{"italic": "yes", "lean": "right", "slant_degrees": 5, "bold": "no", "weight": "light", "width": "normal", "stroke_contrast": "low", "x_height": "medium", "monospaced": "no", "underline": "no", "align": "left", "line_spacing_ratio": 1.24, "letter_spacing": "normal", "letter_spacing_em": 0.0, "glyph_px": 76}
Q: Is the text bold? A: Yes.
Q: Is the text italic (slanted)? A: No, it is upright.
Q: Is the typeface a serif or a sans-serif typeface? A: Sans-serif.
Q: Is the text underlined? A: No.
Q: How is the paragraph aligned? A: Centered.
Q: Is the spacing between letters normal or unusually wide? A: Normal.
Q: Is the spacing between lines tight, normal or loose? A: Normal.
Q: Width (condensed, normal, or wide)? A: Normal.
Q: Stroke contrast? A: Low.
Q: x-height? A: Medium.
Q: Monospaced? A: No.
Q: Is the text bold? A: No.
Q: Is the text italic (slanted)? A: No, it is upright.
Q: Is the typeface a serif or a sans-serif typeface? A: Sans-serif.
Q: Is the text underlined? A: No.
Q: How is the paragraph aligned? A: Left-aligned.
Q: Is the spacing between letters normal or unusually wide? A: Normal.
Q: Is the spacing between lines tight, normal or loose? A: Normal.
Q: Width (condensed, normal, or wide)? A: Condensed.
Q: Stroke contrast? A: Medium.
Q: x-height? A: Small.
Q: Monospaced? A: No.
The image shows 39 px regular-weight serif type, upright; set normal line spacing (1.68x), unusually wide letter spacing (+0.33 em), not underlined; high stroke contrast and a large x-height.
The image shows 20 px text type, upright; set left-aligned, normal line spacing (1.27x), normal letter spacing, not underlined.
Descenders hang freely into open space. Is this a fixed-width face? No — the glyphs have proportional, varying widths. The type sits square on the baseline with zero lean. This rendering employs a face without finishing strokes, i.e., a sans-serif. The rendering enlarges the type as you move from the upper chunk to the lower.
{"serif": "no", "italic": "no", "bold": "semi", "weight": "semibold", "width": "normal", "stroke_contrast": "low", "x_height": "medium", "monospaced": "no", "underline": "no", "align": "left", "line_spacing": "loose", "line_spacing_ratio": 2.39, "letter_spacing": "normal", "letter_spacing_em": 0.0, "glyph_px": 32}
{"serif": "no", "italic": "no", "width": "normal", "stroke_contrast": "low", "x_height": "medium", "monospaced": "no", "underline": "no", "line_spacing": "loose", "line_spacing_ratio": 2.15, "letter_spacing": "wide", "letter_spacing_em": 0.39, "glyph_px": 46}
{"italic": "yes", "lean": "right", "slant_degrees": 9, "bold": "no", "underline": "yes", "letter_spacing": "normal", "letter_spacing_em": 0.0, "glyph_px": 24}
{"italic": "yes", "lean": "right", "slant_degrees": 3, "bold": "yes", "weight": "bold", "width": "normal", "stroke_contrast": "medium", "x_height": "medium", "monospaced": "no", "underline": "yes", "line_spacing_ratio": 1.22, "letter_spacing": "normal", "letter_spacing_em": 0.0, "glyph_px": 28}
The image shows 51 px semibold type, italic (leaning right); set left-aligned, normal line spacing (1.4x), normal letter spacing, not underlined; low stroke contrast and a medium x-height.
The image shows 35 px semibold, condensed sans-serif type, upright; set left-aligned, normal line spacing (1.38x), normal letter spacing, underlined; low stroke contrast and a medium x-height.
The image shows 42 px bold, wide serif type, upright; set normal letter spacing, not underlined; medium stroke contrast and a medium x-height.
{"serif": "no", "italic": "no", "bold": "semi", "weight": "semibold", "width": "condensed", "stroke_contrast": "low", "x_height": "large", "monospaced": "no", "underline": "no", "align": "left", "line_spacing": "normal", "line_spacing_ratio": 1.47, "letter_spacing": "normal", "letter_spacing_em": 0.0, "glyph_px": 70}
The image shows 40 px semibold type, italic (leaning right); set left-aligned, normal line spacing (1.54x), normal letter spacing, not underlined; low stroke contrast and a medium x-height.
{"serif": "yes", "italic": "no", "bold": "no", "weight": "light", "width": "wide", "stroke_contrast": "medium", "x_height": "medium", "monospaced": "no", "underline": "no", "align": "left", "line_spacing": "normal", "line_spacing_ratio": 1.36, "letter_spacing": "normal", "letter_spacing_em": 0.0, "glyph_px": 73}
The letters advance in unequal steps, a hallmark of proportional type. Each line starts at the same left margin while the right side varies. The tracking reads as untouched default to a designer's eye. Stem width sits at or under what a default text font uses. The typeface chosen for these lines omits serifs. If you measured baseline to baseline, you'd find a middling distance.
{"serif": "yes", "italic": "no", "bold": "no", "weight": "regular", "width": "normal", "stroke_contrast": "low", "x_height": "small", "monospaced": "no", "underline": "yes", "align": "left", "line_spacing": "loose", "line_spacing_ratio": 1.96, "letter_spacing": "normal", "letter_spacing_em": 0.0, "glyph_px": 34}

•••

Quote each line above in full, word for word.

{"italic": "yes", "lean": "right", "slant_degrees": 5, "bold": "no", "weight": "light", "width": "normal", "stroke_contrast": "low", "x_height": "medium", "monospaced": "no", "underline": "no", "align": "left", "line_spacing_ratio": 1.24, "letter_spacing": "normal", "letter_spacing_em": 0.0, "glyph_px": 76}
Q: Is the text bold? A: Yes.
Q: Is the text italic (slanted)? A: No, it is upright.
Q: Is the typeface a serif or a sans-serif typeface? A: Sans-serif.
Q: Is the text underlined? A: No.
Q: How is the paragraph aligned? A: Centered.
Q: Is the spacing between letters normal or unusually wide? A: Normal.
Q: Is the spacing between lines tight, normal or loose? A: Normal.
Q: Width (condensed, normal, or wide)? A: Normal.
Q: Stroke contrast? A: Low.
Q: x-height? A: Medium.
Q: Monospaced? A: No.
Q: Is the text bold? A: No.
Q: Is the text italic (slanted)? A: No, it is upright.
Q: Is the typeface a serif or a sans-serif typeface? A: Sans-serif.
Q: Is the text underlined? A: No.
Q: How is the paragraph aligned? A: Left-aligned.
Q: Is the spacing between letters normal or unusually wide? A: Normal.
Q: Is the spacing between lines tight, normal or loose? A: Normal.
Q: Width (condensed, normal, or wide)? A: Condensed.
Q: Stroke contrast? A: Medium.
Q: x-height? A: Small.
Q: Monospaced? A: No.
The image shows 39 px regular-weight serif type, upright; set normal line spacing (1.68x), unusually wide letter spacing (+0.33 em), not underlined; high stroke contrast and a large x-height.
The image shows 20 px text type, upright; set left-aligned, normal line spacing (1.27x), normal letter spacing, not underlined.
Descenders hang freely into open space. Is this a fixed-width face? No — the glyphs have proportional, varying widths. The type sits square on the baseline with zero lean. This rendering employs a face without finishing strokes, i.e., a sans-serif. The rendering enlarges the type as you move from the upper chunk to the lower.
{"serif": "no", "italic": "no", "bold": "semi", "weight": "semibold", "width": "normal", "stroke_contrast": "low", "x_height": "medium", "monospaced": "no", "underline": "no", "align": "left", "line_spacing": "loose", "line_spacing_ratio": 2.39, "letter_spacing": "normal", "letter_spacing_em": 0.0, "glyph_px": 32}
{"serif": "no", "italic": "no", "width": "normal", "stroke_contrast": "low", "x_height": "medium", "monospaced": "no", "underline": "no", "line_spacing": "loose", "line_spacing_ratio": 2.15, "letter_spacing": "wide", "letter_spacing_em": 0.39, "glyph_px": 46}
{"italic": "yes", "lean": "right", "slant_degrees": 9, "bold": "no", "underline": "yes", "letter_spacing": "normal", "letter_spacing_em": 0.0, "glyph_px": 24}
{"italic": "yes", "lean": "right", "slant_degrees": 3, "bold": "yes", "weight": "bold", "width": "normal", "stroke_contrast": "medium", "x_height": "medium", "monospaced": "no", "underline": "yes", "line_spacing_ratio": 1.22, "letter_spacing": "normal", "letter_spacing_em": 0.0, "glyph_px": 28}
The image shows 51 px semibold type, italic (leaning right); set left-aligned, normal line spacing (1.4x), normal letter spacing, not underlined; low stroke contrast and a medium x-height.
The image shows 35 px semibold, condensed sans-serif type, upright; set left-aligned, normal line spacing (1.38x), normal letter spacing, underlined; low stroke contrast and a medium x-height.
The image shows 42 px bold, wide serif type, upright; set normal letter spacing, not underlined; medium stroke contrast and a medium x-height.
{"serif": "no", "italic": "no", "bold": "semi", "weight": "semibold", "width": "condensed", "stroke_contrast": "low", "x_height": "large", "monospaced": "no", "underline": "no", "align": "left", "line_spacing": "normal", "line_spacing_ratio": 1.47, "letter_spacing": "normal", "letter_spacing_em": 0.0, "glyph_px": 70}
The image shows 40 px semibold type, italic (leaning right); set left-aligned, normal line spacing (1.54x), normal letter spacing, not underlined; low stroke contrast and a medium x-height.
{"serif": "yes", "italic": "no", "bold": "no", "weight": "light", "width": "wide", "stroke_contrast": "medium", "x_height": "medium", "monospaced": "no", "underline": "no", "align": "left", "line_spacing": "normal", "line_spacing_ratio": 1.36, "letter_spacing": "normal", "letter_spacing_em": 0.0, "glyph_px": 73}
The letters advance in unequal steps, a hallmark of proportional type. Each line starts at the same left margin while the right side varies. The tracking reads as untouched default to a designer's eye. Stem width sits at or under what a default text font uses. The typeface chosen for these lines omits serifs. If you measured baseline to baseline, you'd find a middling distance.
{"serif": "yes", "italic": "no", "bold": "no", "weight": "regular", "width": "normal", "stroke_contrast": "low", "x_height": "small", "monospaced": "no", "underline": "yes", "align": "left", "line_spacing": "loose", "line_spacing_ratio": 1.96, "letter_spacing": "normal", "letter_spacing_em": 0.0, "glyph_px": 34}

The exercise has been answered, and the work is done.